The approach of the panel to the assessment relied on the experience, technical knowledge, and expertise of its members, whose backgrounds were carefully matched to the technical areas of MML activities. The panel reviewed selected examples of the technical research covered by the MML; because of time constraints, it was not possible to review the MML programs and projects exhaustively. The examples reviewed by the panel were selected by the MML. The panel’s goal was to identify and report salient examples of accomplishments and opportunities for further improvement with respect to the following: the quality of the technical programs at the MML; the portfolio of scientific expertise within the laboratory; the adequacy of the laboratory’s facilities, equipment, and human resources; and the effectiveness with which the MML disseminates its program outputs.
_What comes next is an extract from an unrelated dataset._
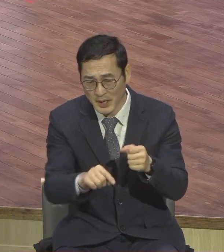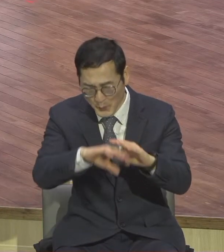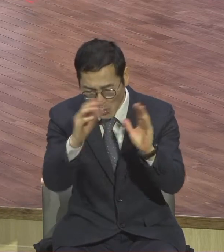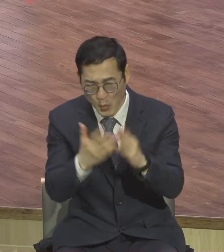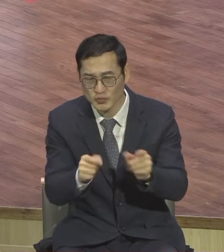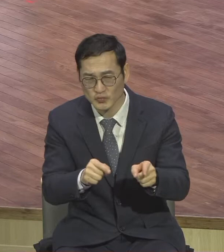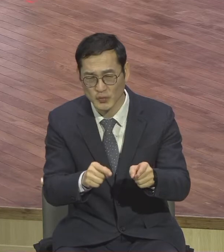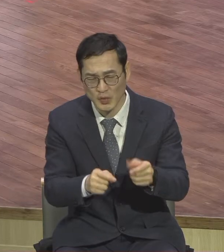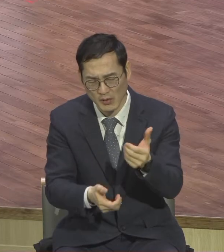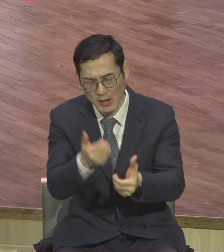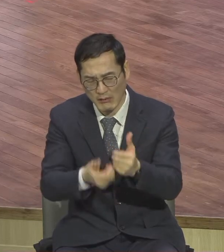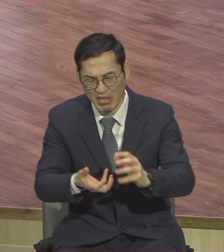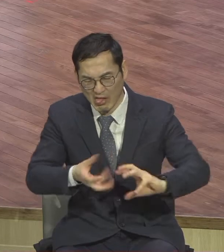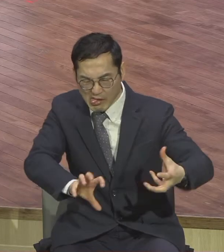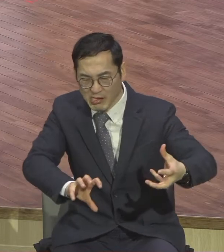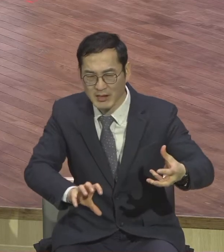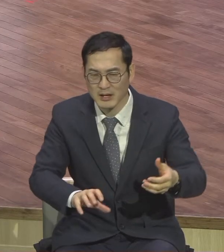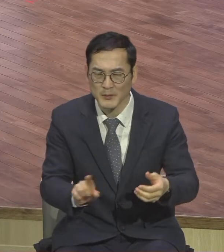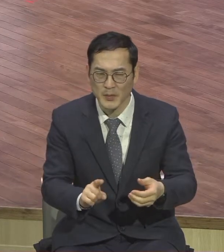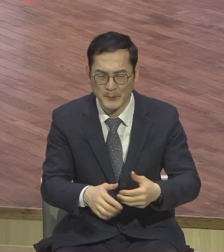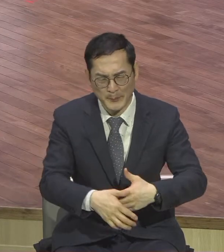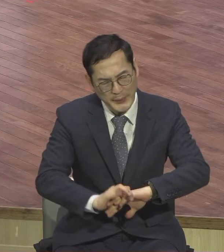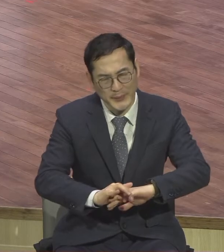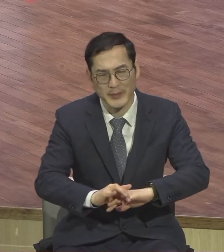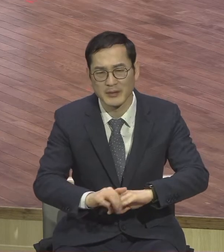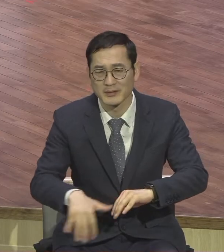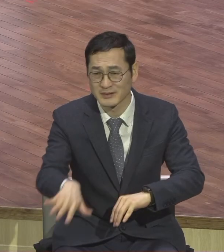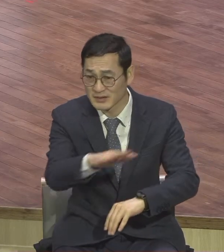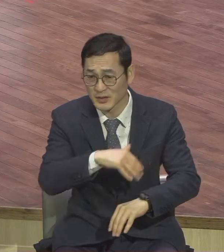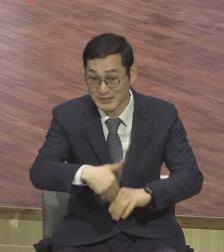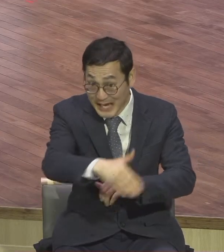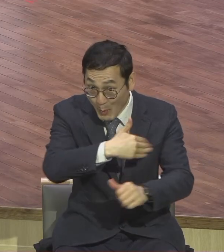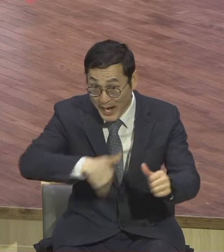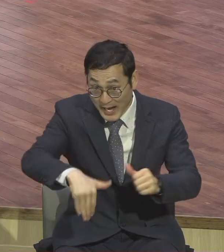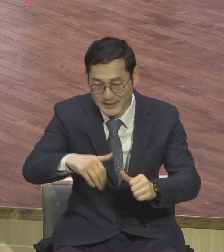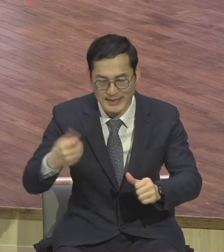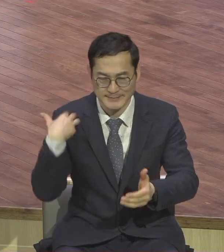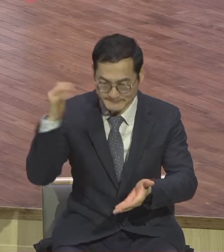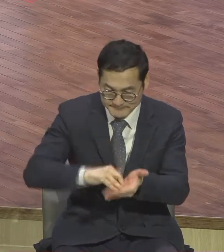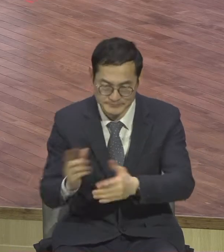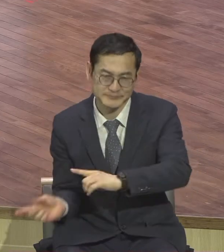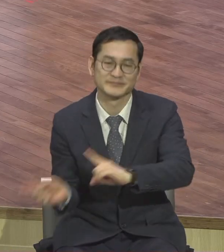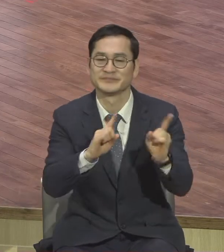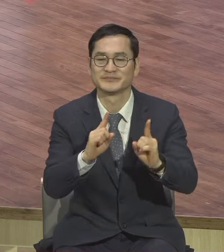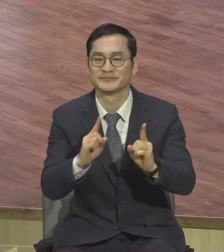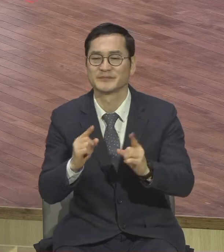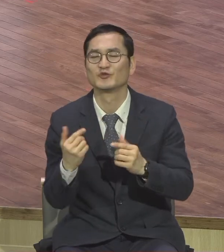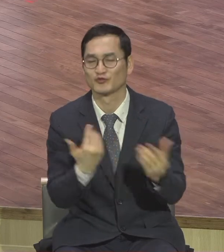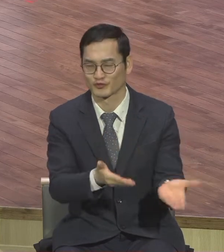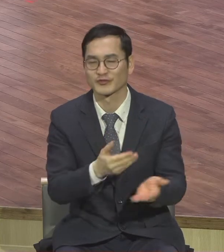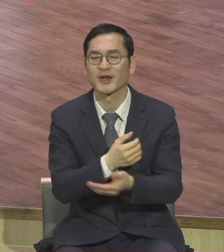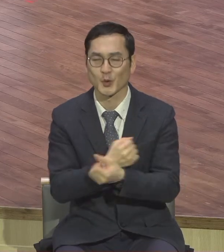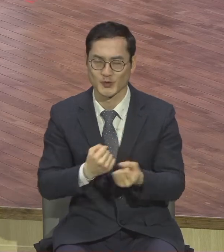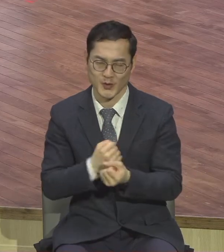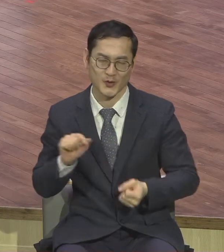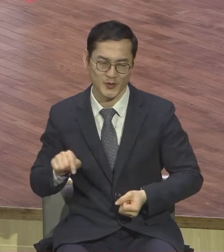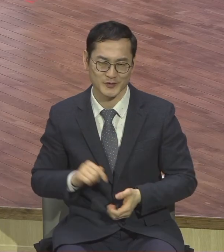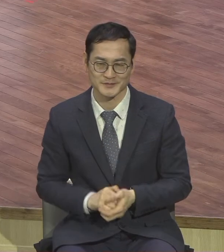살리는 힘이 있어요 용서는 상식의 3장에서 하나님 앞에 범죄한 인간에게 제일 먼저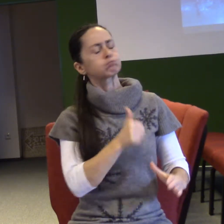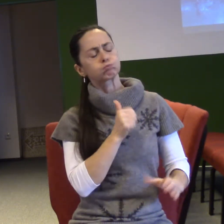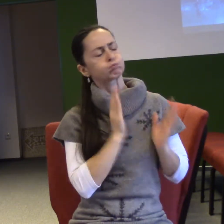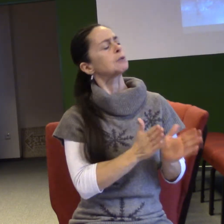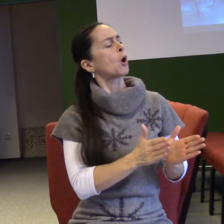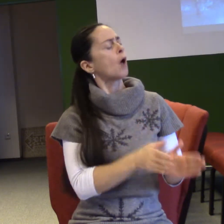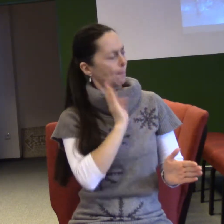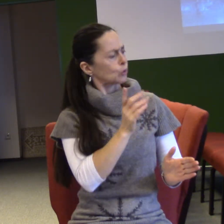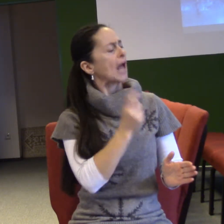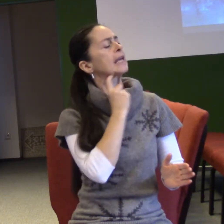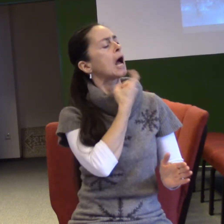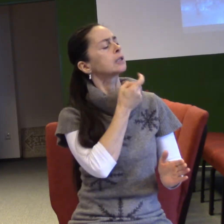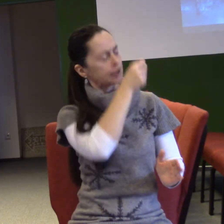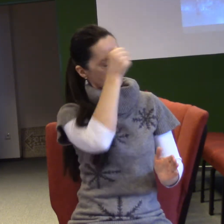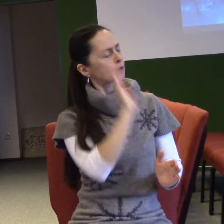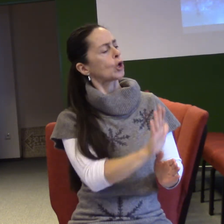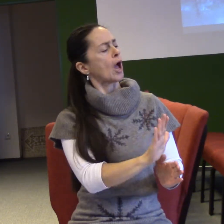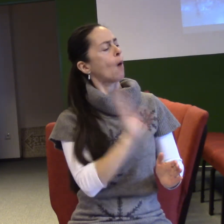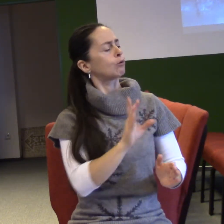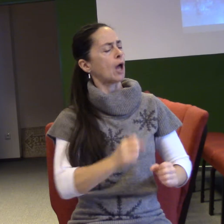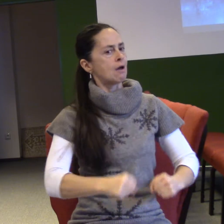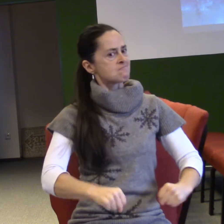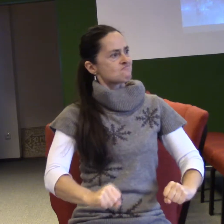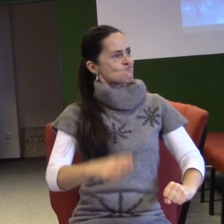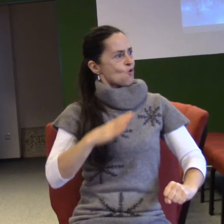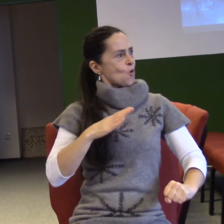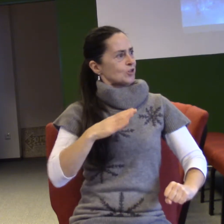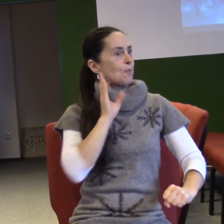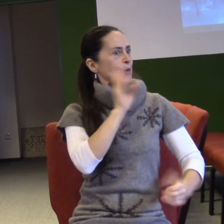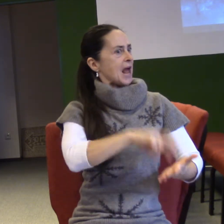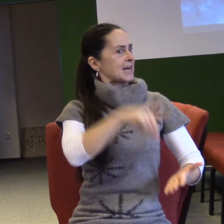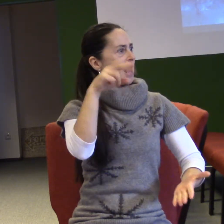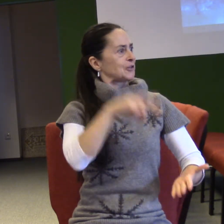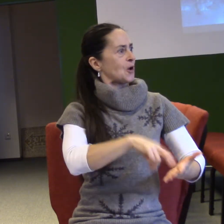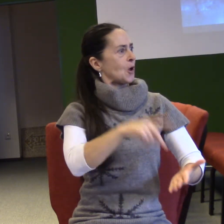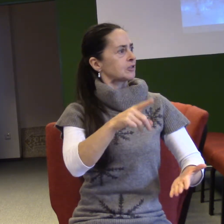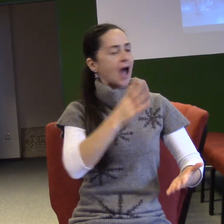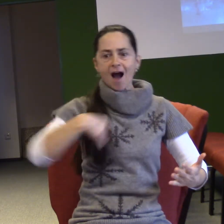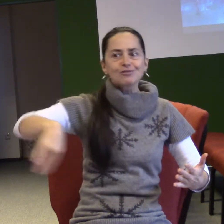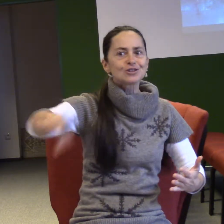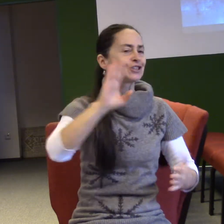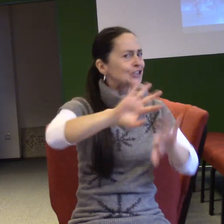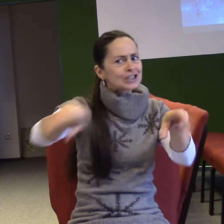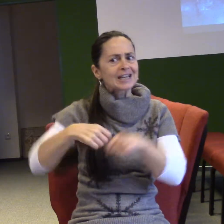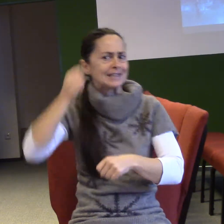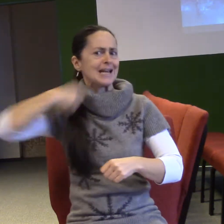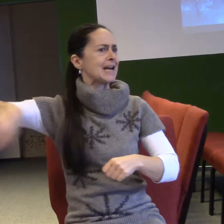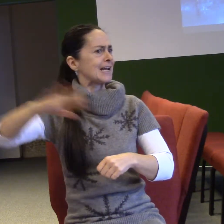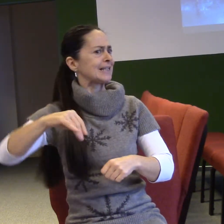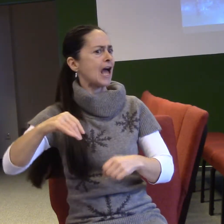bude veliký, budeš z něho mít radost a budou z něho mít radost všichni, kteří ho potkají. A když mu to

The examples were intended collectively to portray an overall impression of the laboratory, while providing useful suggestions specific to projects and programs that the panel examined. The panel applied a largely qualitative rather than a quantitative approach to the assessment, although it is possible that future assessments will be informed by various analytical methods that can be applied.
The comments in this report are not intended to address each program within the MML exhaustively. Instead, the report identifies key issues. Given the necessarily nonexhaustive nature of the review process, the omission of any particular MML program or project should not be interpreted as a negative reflection on the omitted program or project.